What "other software exists which can save the streams to files for later viewing"? Thanks!   — Jeff G. (talk|contribs) 12:43, 16 December 2007 (UTC)

Don't suppose you saw the part right after that about saving streams generally being illegal? Not discouraging doing it myself, but I doubt you'll get help finding the program by asking on a public wiki page... CanadaAotS (talk) 02:08, 7 April 2008 (UTC)

I don't have a good enough english to edit the main article. But note that now ffmpeg/libavcodec (so any mplayer, vlc, xine or gstreamer-based player, plus any DirectShow/Windows player through ffdshow) can play newer RealVideo files. See http://ffmpeg.mplayerhq.hu/ ("RealVideo 3.0 decoder added." and "we now have a decoder for RealVideo 4.0") or http://www.mplayerhq.hu/DOCS/codecs-status.html ("FFmpeg RV40 decoder", change RV40 for RV10, RV20 and RV30). —Preceding unsigned comment added by 88.2.49.89 (talk) 21:14, 9 January 2009 (UTC)

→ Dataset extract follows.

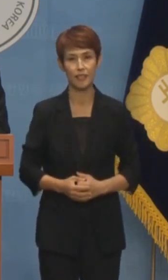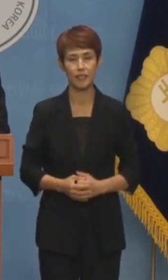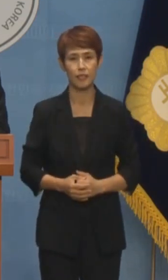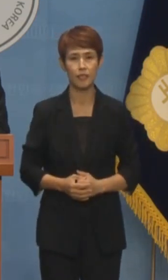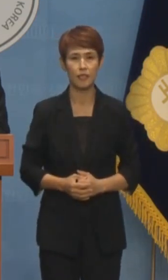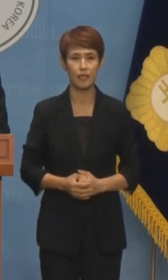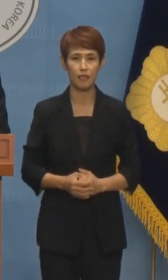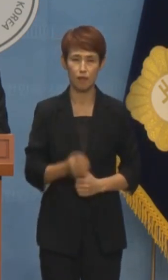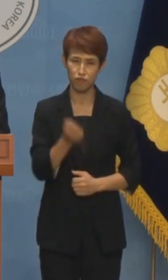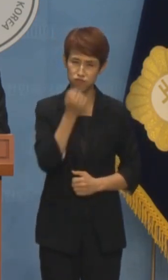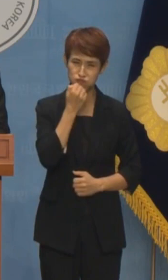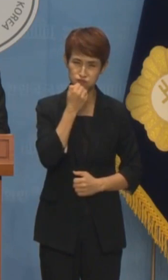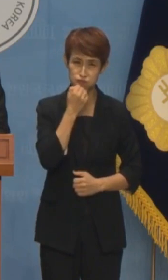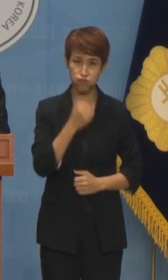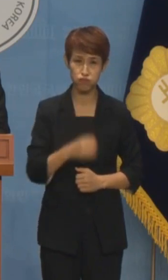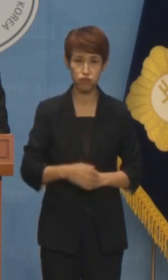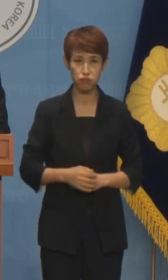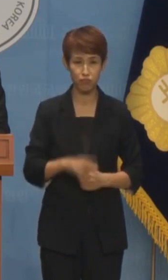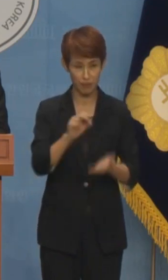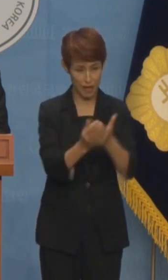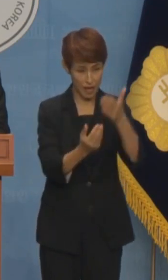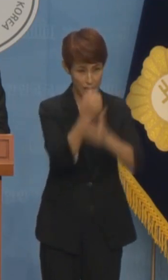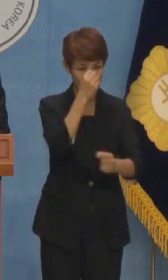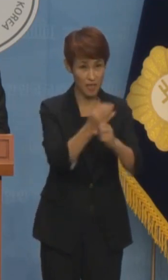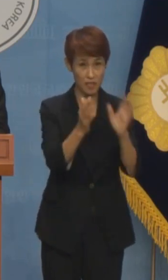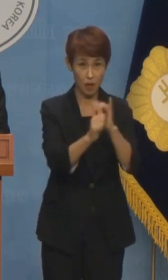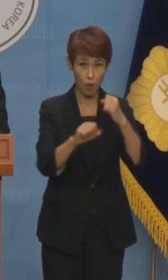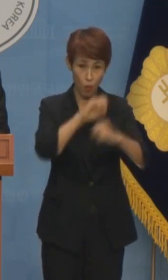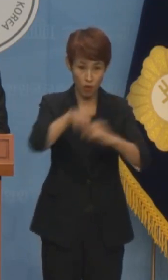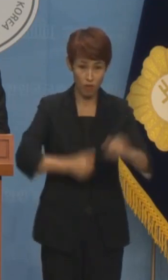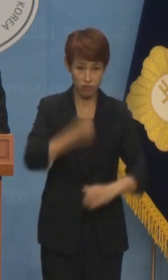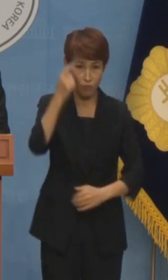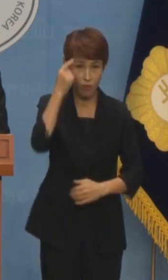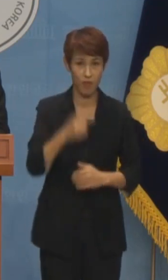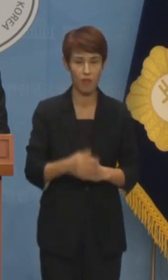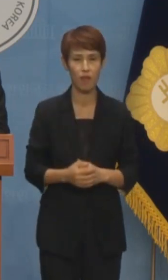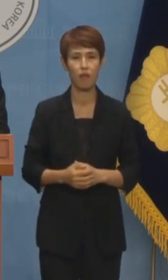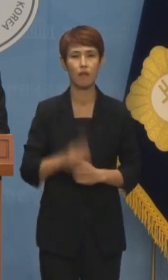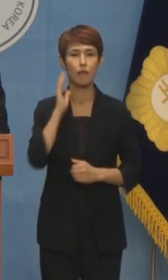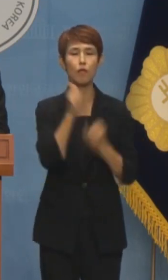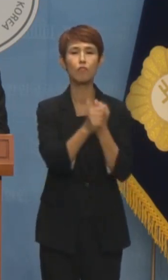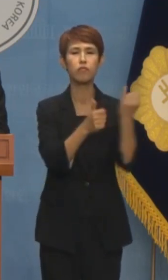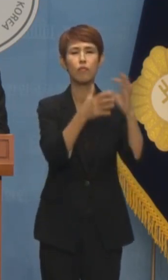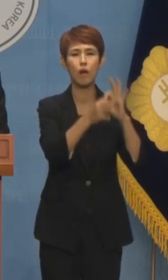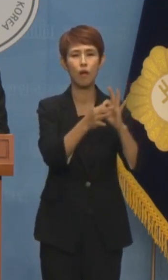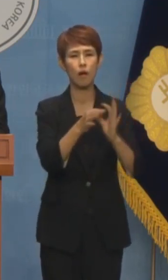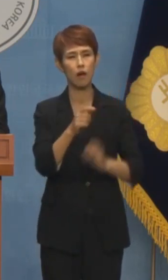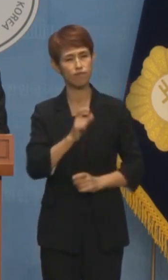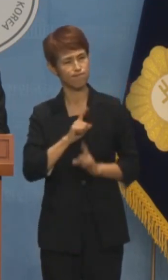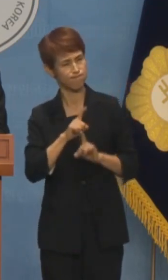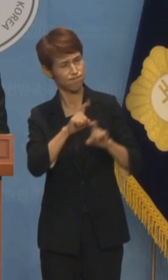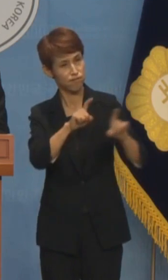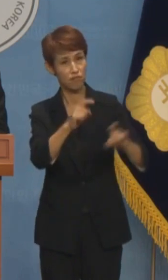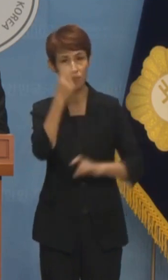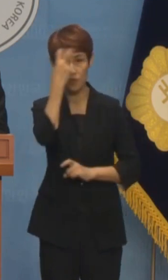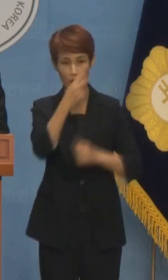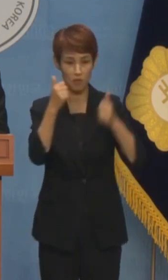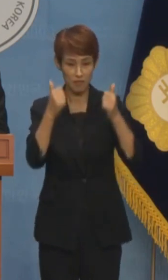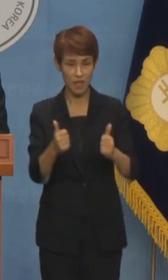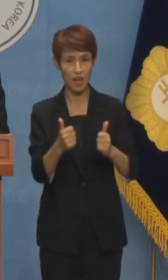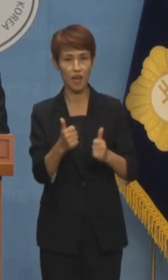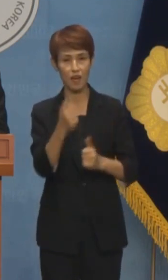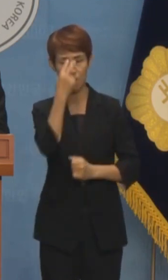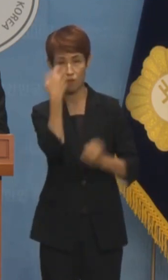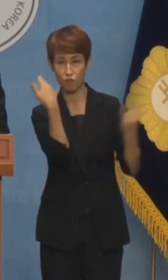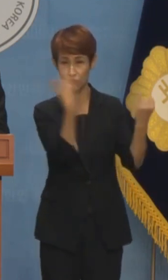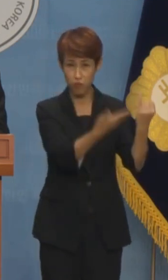방귀 낀 사람이 성례입니까? 김건희 여사를 둘러싼 각종 의혹에 대한 검찰의 봐주기 수사로 검찰의

[edit] ClearVideo/RealVideo - SoftVideo - TruDef

ClearVideo was developed alongside SoftVideo in a partnership between Iterated Systems Inc. and Total Multi Media Inc. (TMMI) during the 1990's with MCI providing most of the financing as an investor in TMMI.

Philip Taylor Kramer from TMMI was a major contributor in the success of fractal video. Up to that point Iterated's success was limited to still fractal image compression. Philip Taylor Kramer disappeared under mysterious circumstances in 1995, meanwhile TMMI fell into bankruptcy. In 1997 Iterated announced the ClearVideo deal with RealNetworks which was offered as RealVideo. Meanwhile TMMI emerged from bankruptcy in 1998 at which time RealNetworks quietly discontinued all support for RealVideo.

TMMI continued and is still in operation today. In 2007 TMMI announced a new version of SoftVideo called TruDef, being the only known video codec that uses fractal compression under active development.